Resolving Fock states near the Kerr-free point of a superconducting resonator

TL;DR

This paper presents a tunable superconducting resonator with suppressed Kerr nonlinearity, enabling precise control of photon states for quantum processing, demonstrated through photon-number-dependent spectral shifts.

Contribution

The authors design a SNAIL-based resonator with a Kerr-free point, allowing enhanced photon control and characterization using a transmon qubit.

Findings

Photon-number-dependent frequency shifts nine times larger than qubit linewidth.

Demonstration of a compact platform for continuous-variable quantum processing.

Suppression of Kerr interaction at the sweet spot.

Abstract

We have designed a tunable nonlinear resonator terminated by a SNAIL (Superconducting Nonlinear Asymmetric Inductive eLement). Such a device possesses a sweet spot in which the external magnetic flux allows to suppress the Kerr interaction.

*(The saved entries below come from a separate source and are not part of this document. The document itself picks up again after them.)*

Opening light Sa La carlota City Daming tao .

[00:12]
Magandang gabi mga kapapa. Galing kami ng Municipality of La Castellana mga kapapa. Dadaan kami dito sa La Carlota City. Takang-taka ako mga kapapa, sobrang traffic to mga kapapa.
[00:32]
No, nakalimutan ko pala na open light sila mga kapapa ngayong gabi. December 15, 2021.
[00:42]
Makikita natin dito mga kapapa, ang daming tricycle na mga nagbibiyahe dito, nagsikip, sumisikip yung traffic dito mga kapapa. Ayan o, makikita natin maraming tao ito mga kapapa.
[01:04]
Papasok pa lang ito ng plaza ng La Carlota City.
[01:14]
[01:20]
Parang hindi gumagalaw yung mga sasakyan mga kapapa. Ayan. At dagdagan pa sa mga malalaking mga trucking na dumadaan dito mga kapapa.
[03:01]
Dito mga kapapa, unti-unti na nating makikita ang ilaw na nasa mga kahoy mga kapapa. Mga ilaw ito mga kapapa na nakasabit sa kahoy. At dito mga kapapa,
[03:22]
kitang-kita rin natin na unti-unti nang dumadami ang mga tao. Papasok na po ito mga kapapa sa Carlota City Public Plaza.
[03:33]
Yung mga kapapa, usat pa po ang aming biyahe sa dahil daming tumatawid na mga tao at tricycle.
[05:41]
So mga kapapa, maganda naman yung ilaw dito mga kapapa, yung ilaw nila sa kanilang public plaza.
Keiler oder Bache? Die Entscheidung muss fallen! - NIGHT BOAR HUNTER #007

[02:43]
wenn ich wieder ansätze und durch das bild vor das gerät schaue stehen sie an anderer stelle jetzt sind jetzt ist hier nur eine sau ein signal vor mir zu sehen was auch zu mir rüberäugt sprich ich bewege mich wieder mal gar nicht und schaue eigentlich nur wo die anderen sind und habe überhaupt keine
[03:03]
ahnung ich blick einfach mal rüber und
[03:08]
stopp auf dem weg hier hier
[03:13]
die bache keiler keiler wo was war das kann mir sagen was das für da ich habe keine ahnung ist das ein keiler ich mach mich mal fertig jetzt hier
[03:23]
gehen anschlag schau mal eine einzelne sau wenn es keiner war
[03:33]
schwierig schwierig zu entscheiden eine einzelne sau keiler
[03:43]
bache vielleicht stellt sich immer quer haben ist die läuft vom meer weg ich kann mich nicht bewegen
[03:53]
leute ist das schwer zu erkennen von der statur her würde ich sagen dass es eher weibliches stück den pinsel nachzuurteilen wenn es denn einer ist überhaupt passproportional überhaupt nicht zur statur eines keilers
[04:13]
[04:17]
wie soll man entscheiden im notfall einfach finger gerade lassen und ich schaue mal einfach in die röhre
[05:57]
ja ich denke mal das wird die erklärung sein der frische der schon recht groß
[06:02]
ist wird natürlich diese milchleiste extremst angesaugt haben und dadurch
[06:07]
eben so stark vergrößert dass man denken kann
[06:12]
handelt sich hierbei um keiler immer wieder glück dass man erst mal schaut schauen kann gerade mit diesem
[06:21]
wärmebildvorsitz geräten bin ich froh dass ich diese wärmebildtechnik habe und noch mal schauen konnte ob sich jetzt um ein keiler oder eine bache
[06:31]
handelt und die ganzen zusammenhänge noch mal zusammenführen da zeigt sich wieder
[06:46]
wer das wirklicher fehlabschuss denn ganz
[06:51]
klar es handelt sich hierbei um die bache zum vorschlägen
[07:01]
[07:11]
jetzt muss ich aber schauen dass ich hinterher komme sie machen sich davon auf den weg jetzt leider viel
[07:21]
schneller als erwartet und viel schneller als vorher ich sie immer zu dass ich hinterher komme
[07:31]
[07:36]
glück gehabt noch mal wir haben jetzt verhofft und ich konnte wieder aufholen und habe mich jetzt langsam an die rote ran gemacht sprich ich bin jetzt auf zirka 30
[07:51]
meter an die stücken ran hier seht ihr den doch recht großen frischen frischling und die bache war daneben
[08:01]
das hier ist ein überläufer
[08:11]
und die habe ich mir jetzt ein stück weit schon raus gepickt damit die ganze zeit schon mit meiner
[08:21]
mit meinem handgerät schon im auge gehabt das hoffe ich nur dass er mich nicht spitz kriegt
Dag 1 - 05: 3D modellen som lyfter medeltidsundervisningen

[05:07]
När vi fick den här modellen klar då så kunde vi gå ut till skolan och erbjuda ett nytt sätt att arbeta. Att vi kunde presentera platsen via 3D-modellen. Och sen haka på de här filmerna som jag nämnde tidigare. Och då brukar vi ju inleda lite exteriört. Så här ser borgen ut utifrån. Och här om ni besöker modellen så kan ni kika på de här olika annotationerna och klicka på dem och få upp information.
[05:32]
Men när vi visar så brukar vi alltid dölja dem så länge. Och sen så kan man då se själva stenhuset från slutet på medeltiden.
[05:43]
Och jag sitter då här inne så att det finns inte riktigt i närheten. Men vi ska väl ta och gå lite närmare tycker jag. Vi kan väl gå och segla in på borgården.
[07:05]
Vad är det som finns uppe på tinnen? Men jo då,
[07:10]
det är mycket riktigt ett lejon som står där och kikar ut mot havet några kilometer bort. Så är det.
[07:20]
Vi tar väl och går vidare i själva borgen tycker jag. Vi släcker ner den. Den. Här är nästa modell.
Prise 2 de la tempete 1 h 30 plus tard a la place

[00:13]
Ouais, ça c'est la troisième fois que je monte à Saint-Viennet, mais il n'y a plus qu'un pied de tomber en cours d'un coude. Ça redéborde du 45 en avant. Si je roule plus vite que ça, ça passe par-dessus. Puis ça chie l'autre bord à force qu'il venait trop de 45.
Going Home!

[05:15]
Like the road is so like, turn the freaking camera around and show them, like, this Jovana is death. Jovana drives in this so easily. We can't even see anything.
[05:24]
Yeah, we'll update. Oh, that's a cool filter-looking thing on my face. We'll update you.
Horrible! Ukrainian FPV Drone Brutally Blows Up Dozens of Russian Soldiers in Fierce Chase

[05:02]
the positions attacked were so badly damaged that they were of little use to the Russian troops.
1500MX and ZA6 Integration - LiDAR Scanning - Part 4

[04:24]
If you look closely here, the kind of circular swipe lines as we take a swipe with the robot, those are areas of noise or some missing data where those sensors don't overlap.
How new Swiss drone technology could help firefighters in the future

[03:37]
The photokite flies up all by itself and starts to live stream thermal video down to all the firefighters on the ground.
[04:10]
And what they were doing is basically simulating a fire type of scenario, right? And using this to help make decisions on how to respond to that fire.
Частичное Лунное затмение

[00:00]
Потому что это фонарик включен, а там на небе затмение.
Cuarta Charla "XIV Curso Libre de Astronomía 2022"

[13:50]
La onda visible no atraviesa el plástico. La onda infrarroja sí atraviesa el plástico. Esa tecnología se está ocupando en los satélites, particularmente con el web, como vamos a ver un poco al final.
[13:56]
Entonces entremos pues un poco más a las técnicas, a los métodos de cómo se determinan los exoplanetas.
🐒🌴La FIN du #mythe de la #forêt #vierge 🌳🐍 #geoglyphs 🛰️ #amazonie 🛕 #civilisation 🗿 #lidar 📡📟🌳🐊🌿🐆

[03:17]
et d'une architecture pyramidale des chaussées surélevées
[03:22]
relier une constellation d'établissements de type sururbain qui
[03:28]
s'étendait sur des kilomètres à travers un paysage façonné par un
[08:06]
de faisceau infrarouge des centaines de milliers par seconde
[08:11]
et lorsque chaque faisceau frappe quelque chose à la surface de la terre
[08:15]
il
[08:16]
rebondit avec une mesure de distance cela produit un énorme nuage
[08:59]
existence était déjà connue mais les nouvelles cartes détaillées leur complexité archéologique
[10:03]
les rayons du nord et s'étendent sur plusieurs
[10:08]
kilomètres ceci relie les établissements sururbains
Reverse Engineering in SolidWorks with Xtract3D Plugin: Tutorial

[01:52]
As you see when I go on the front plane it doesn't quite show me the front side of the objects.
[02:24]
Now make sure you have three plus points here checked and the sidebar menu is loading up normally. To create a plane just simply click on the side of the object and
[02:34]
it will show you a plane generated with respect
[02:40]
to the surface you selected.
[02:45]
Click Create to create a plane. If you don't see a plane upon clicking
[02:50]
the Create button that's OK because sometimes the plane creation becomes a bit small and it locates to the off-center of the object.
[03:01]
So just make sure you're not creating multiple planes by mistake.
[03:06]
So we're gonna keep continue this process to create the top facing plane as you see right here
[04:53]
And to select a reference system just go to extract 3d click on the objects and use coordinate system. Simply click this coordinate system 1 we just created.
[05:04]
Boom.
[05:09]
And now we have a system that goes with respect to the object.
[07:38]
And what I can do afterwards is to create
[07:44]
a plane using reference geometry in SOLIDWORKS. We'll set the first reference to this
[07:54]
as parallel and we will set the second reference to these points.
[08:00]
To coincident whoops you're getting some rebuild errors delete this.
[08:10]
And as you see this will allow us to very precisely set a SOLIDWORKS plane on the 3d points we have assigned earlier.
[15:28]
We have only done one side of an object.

We have excited photons near this Kerr-free point and characterized the device using a transmon qubit. The excitation spectrum of the qubit allows to observe photon-number-dependent frequency shifts about nine times larger than the qubit linewidth. Our study demonstrates a compact integrated platform for continuous-variable quantum processing that combines large couplings, considerable relaxation times and excellent control over the photon mode structure in the microwave domain.